We can try using exec to simply simulate the implementation of the match method.
String.prototype.myMatch = function (reg) {
var arr = [];
var res = reg.exec(this);
if (reg.global) {
while (res) {
arr.push(res[0]);
res = reg.exec(this)}}else{
arr.push(res[0]);
}
return arr;
}
var str = 'abc123cba456aaa789';
var reg = /\d+/;
console.log(str.myMatch(reg))
/ / / "123"
var str = 'abc123cba456aaa789';
var reg = /\d+/g;
console.log(str.myMatch(reg))
/ / / "123", "456", "789"]
Copy the code
In addition, both match and exec can be affected by grouping (), but match displays the contents of small groups only if there is no identifier G, and if there is global G, match captures them all in an array at once
var str = 'abc';
var reg = /(a)(b)(c)/;
console.log( str.match(reg) );
// ["abc", "a", "b", "c", index: 0, input: "abc"]

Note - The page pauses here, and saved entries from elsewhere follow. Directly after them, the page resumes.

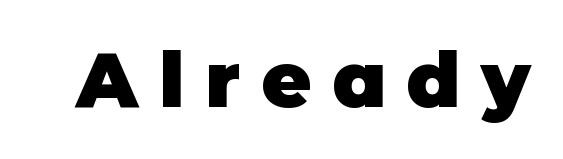
{"serif": "no", "italic": "no", "bold": "yes", "weight": "heavy", "width": "normal", "stroke_contrast": "low", "x_height": "large", "monospaced": "no", "underline": "no", "letter_spacing": "wide", "letter_spacing_em": 0.27, "glyph_px": 77}
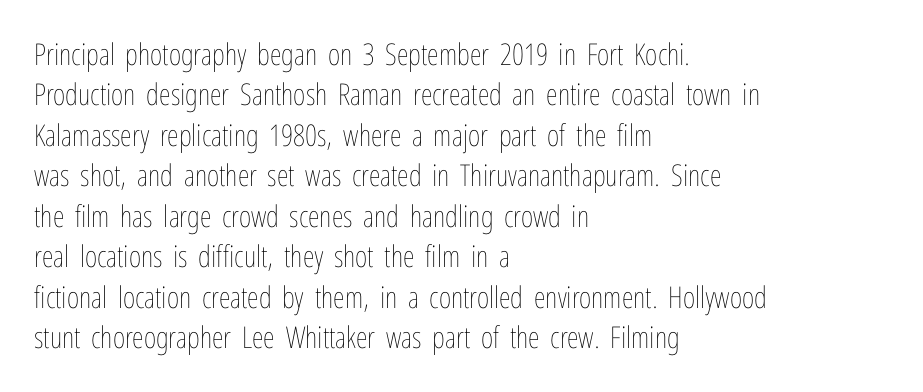
{"italic": "no", "bold": "no", "weight": "thin", "width": "condensed", "stroke_contrast": "low", "x_height": "medium", "monospaced": "no", "underline": "no", "align": "left", "line_spacing": "normal", "line_spacing_ratio": 1.35, "letter_spacing": "normal", "letter_spacing_em": 0.0, "glyph_px": 30}
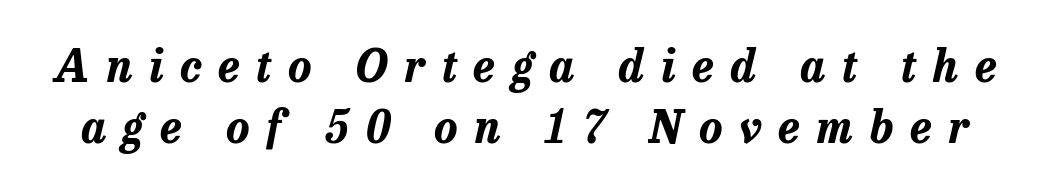
{"italic": "yes", "lean": "right", "slant_degrees": 13, "bold": "yes", "weight": "bold", "width": "normal", "stroke_contrast": "low", "x_height": "medium", "monospaced": "no", "underline": "no", "line_spacing": "normal", "line_spacing_ratio": 1.38, "letter_spacing": "wide", "letter_spacing_em": 0.38, "glyph_px": 44}
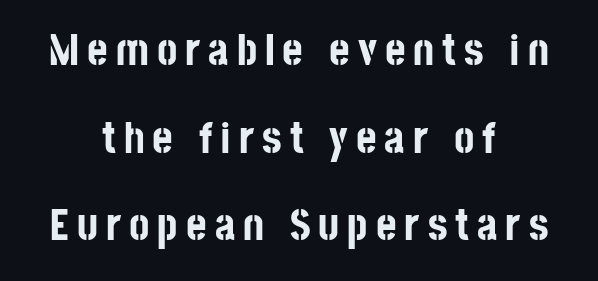
The image shows 44 px bold, condensed sans-serif type, upright; set centered, loose line spacing (1.99x), not underlined; low stroke contrast and a large x-height.
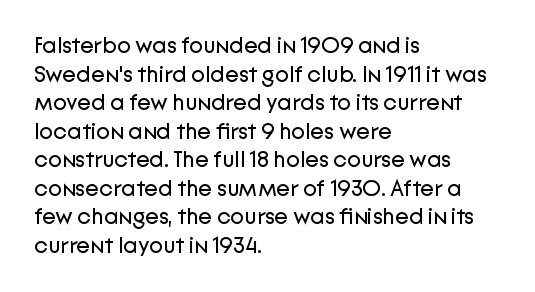
{"italic": "no", "bold": "no", "underline": "no", "align": "left", "line_spacing_ratio": 1.24, "letter_spacing": "normal", "letter_spacing_em": 0.0, "glyph_px": 23}
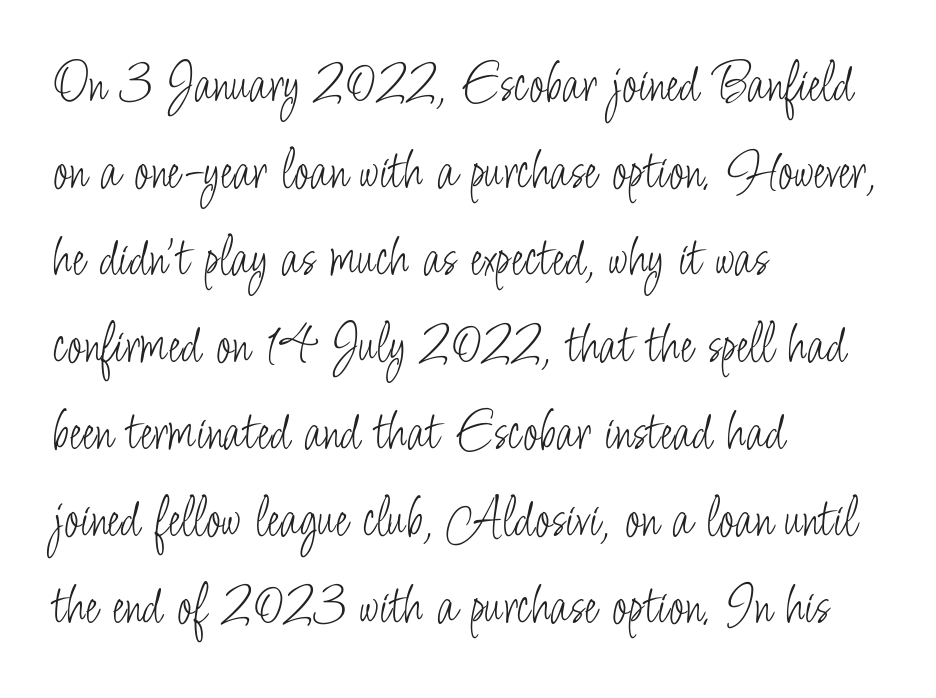
Honestly, there is no underline to notice here at all. These lines keep a tight, regular rhythm from letter to letter. Vertical spacing — default. The typeface chosen for these lines omits serifs.

console.log( reg.exec(str) );
// ["abc", "a", "b", "c", index: 0, input: "abc"]When I have global Gvar str = 'abc';
var reg = /(a)(b)(c)/g;
console.log( str.match(reg) );
// ["abc"]
console.log( reg.exec(str) );
// ["abc", "a", "b", "c", index: 0, input: "abc"]
Copy the code
- The str.replace() method is no stranger to you, and now we’re talking about something related to this method and regex.
// The re matches the string, and the successful character is replaced with a new string
Replace (reg,newStr); // Replace (reg,newStr);
var str = 'a111bc222de';
var res = str.replace(/\d/g.'Q')
console.log(res)
// "aQQQbcQQQde"The second argument to replace can also be a function str.replace(reg,fn);var str = '2017-01-06';
str = str.replace(/-\d+/g.function(){
console.log(arguments)})/** Console print result: ["-01", 4, "2017-01-06"] ["-06", 7, "2017-01-06"] "2017undefinedundefined" So it seems possible to print out the contents of small groups as well
var str = '2017-01-06';
str = str.replace(/-(\d+)/g.function(){
console.log(arguments)})/**
["-01", "01", 4, "2017-01-06"]
["-06", "06", 7, "2017-01-06"]
"2017undefinedundefined"
*/
// From the results our guess is all right.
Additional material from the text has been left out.